1961’den 1989’a kadar yaklaşık otuz yıl boyunca Almanya’yı ‘komünist doğu’ ve ‘kapitalist batı’ diye ayıran Berlin Duvarı’nın yıkılışı, serbest piyasanın ve kapitalizmin zaferi olarak gösterildi. Tüm dünyada sosyalistlerin bir kısmı, bu fikre paralel olarak, inandıkları sosyalist dünyanın kalıntılarının omuzlarına çöktüğünü hissettiler. Peki duvarla birlikte yıkılan şey sosyalizm miydi?
Sosyalizm, en basit ifadesiyle işçilerin kolektif kontrolüyse, Rusya ve Doğu Avrupa’daki ‘işçi devletlerindeki’ manzara bu değildi. Üstelik Doğu Almanya’da duvarın üzerine yürüyenler işçilerin kendisiydi. İşçilerin yıkmak istediği bir duvar, nasıl komünist cennetin korunaklı sembolü olabilir? Dahası, önceleri fabrikaları yöneten bürokratlar, duvar yıkıldıktan sonra özel şirketlere ait olan bu iş yerlerinde pozisyonlarını nasıl koruyabildiler?

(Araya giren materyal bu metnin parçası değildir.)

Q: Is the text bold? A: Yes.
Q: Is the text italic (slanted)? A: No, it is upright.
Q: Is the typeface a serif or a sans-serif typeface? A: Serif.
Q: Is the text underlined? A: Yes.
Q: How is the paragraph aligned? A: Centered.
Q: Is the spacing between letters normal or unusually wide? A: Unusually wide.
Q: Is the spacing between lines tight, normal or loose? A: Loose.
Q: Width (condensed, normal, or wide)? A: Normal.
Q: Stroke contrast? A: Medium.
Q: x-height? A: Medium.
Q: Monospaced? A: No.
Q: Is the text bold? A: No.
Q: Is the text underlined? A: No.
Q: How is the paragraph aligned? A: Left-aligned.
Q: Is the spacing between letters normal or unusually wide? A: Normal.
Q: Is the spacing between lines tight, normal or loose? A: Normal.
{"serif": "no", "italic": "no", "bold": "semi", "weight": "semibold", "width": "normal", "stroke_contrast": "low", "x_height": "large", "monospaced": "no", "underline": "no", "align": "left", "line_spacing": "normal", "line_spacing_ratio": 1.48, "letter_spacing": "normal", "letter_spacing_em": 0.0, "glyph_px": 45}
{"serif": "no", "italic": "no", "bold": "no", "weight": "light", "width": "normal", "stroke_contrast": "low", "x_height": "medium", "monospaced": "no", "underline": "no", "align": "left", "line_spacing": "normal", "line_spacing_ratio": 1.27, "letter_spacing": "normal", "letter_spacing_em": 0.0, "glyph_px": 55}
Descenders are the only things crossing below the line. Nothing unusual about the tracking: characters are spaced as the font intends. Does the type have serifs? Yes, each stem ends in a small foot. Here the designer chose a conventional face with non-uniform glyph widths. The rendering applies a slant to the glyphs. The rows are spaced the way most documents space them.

Çöken şeyin ne olduğunu cevaplarından biri, 1930’lardaki Sovyetlerin ekonomisinin gelişiminde gizli. 1928’de sanayi üretimi son derece düşük olan Rusya, yirmi yıl sonra Avrupa’nın en büyük ikinci sanayi gücüydü. Stalinist rejim için İngiltere’de yüz yıl süren sanayileşmeyi yirmi yıl içerisinde sağlamanın tek yolu, sermaye birikimi için kemerleri sıkmaktı.
Rusya’da çalışmanın zorunlu olduğu ve işe geç kalanın cezalandırıldığı bir rejim, işçiler tarafından değil onlar adına bürokratik bir sınıf tarafından idare ediliyordu. Yani kemeri kontrol eden işçiler değildi. Kontrol gücünü elinde bulunduran azınlık, çoğunluk olan işçi sınıfına sanayi, demiryolu ve silahlanma için, ‘komünist anavatanın gelişimi’ adına kemer sıktırıyordu.
Rusya’da sosyalizm değil devlet kapitalisti bir rejim olduğunu duvarın çöküşünden neredeyse 40 yıl önce tespit eden Tony Cliff, İngiltere’deki bir asırlık sanayileşmenin işçiler açısından kan, ter ve hunharca yaşam koşulları anlamına geldiğini vurgular. “Köylülüğün topraktan koparılıp mülksüzleştirilmesi İngiltere’de 300 yıl aldı. Stalinist Rusya bunu 3 yılda yaptı. Köle ticareti İngiltere’ye yardım etti. Londra finans merkezlerinin duvarlarında köle kanı var. Rusya’da da toplama kampları vardı.”
1989’da Berlin Duvarı’nın, 1991’de Sovyetler’in çöküşüyle sosyalizmin yenilgisini coşkuyla ilan edenler de, demoralize olanlar da yanılıyorlar. Sosyalizm, yönetici bir azınlığın çoğunluk adına yönetimi değildir. Doğu Avrupa’da yaşananlar, işçi sınıfının yönetici azınlığa karşı özgürlük talebiydi. İşçi sınıfının kendi eylemine güvenen sosyalistler, duvarın altında kalmadılar.